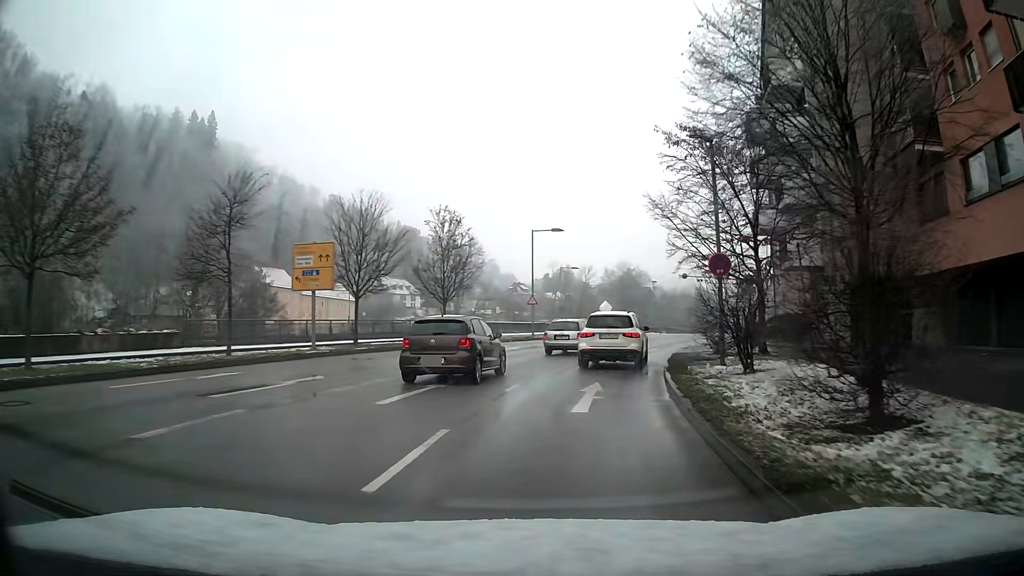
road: primary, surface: asphalt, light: Day
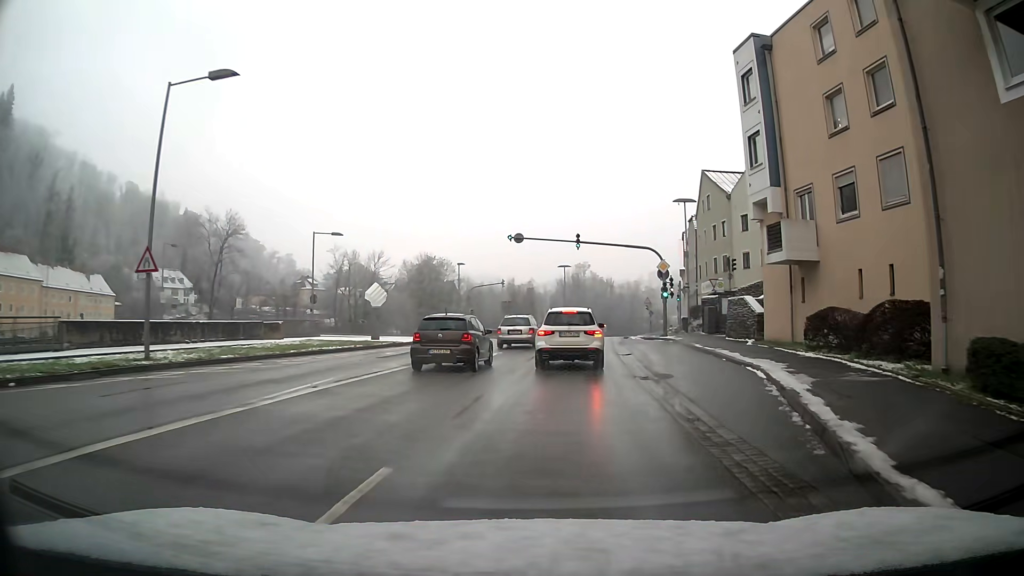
(+4.6, +31.5) m; +16°
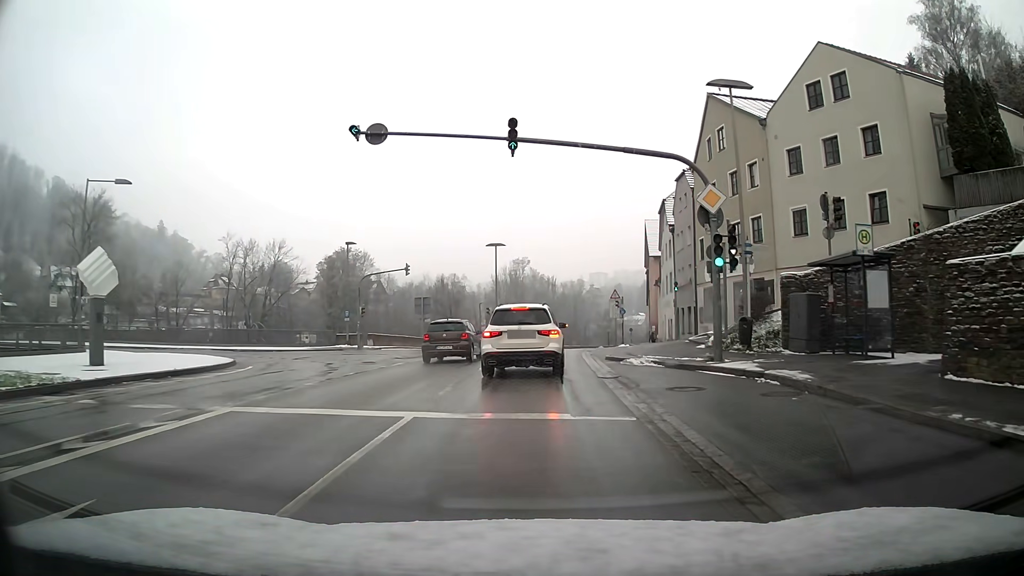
(+1.1, +22.6) m; +4°
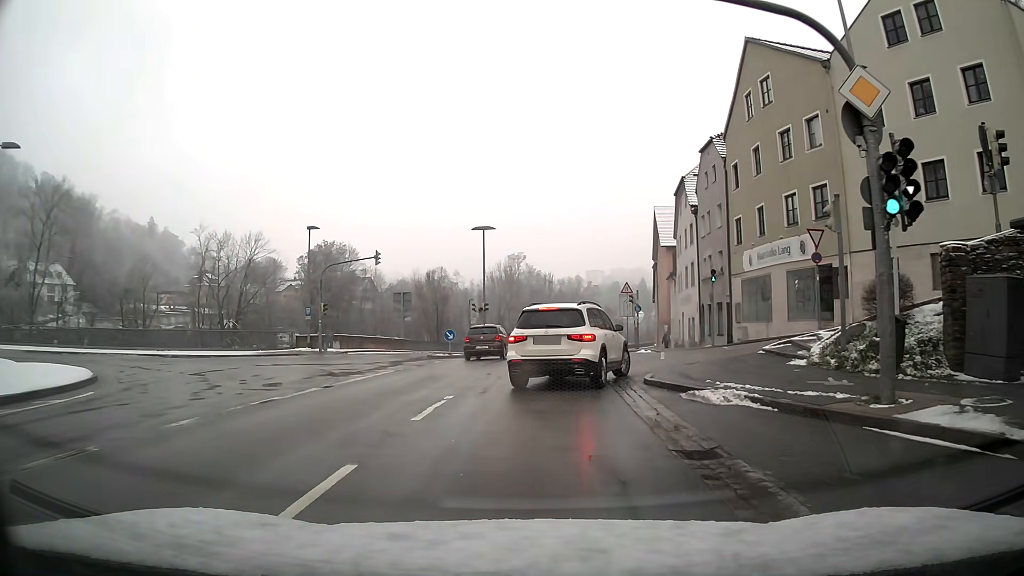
(0.0, +8.5) m; 0°
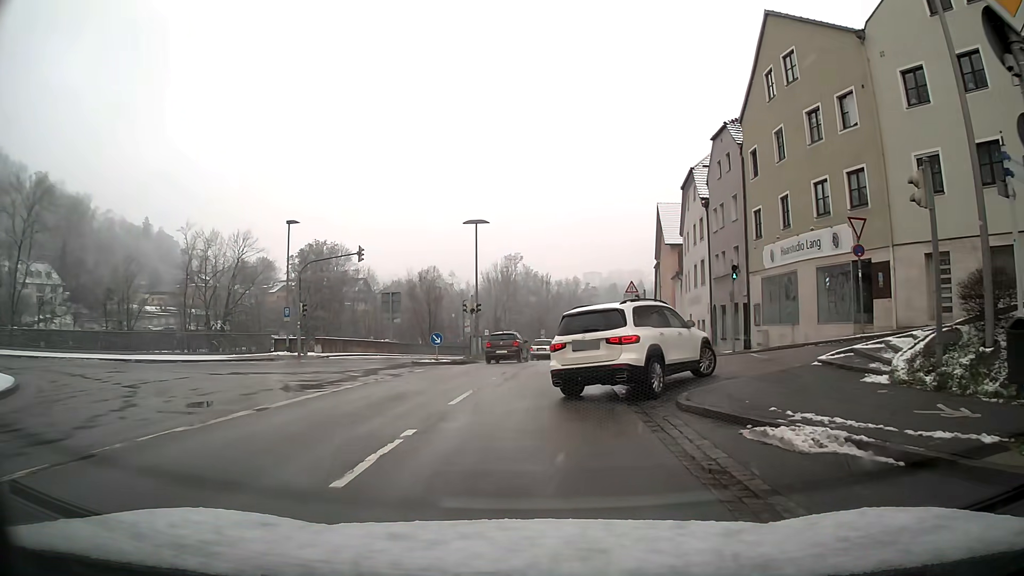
(0.0, +3.5) m; +1°
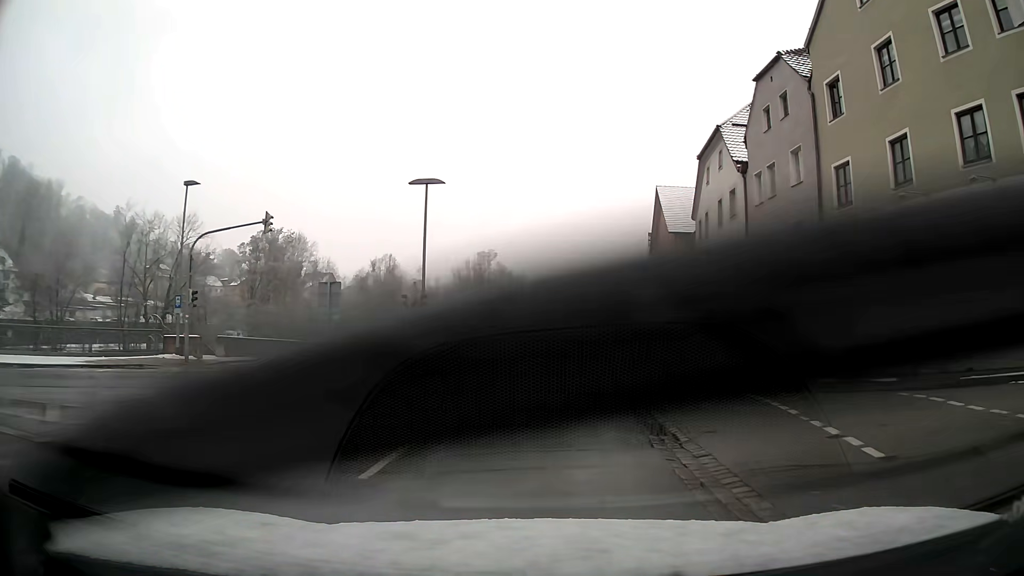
(+0.3, +11.6) m; +3°
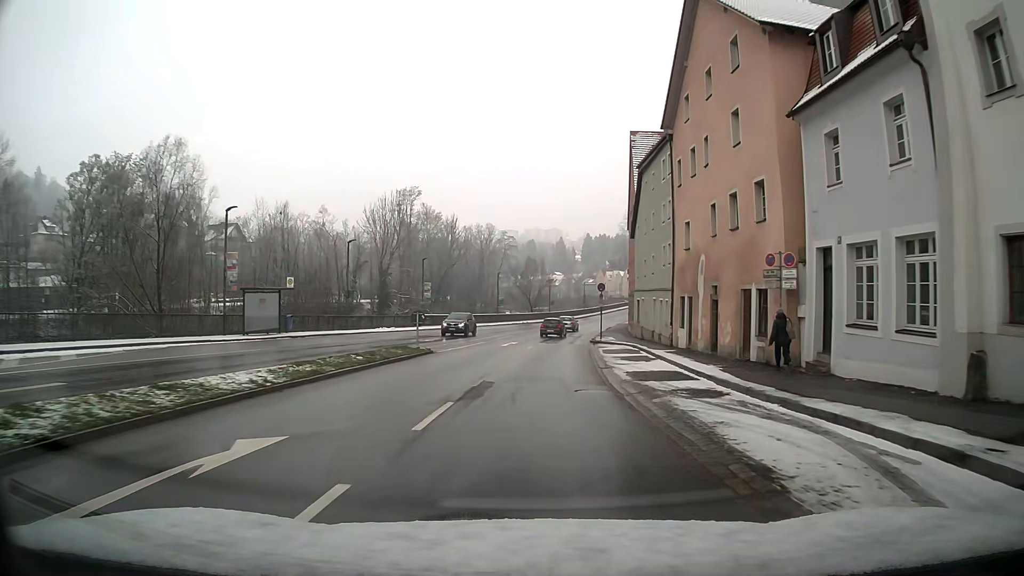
(+1.6, +31.9) m; +5°
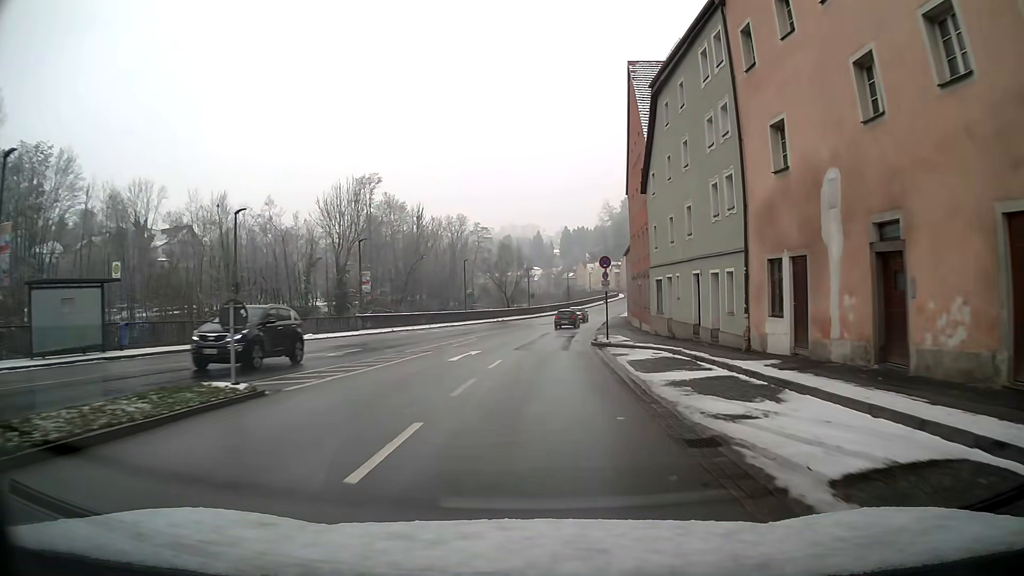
(+0.2, +15.1) m; +2°
(0, +10) (0, +20) (+1, +30) (+2, +40) (+3, +50) (+4, +60) (+6, +70) (+7, +80) (+9, +89) (+12, +99) m
┄┄┄┄┄┄┄┄┄┄
* _PROMPT_
All the lines above should be reproduced exactly, and none of the pictures.

* _SOLUTION_
road: primary, surface: asphalt, light: Day
(+4.6, +31.5) m; +16°
(+1.1, +22.6) m; +4°
(0.0, +8.5) m; 0°
(0.0, +3.5) m; +1°
(+0.3, +11.6) m; +3°
(+1.6, +31.9) m; +5°
(+0.2, +15.1) m; +2°
(0, +10) (0, +20) (+1, +30) (+2, +40) (+3, +50) (+4, +60) (+6, +70) (+7, +80) (+9, +89) (+12, +99) m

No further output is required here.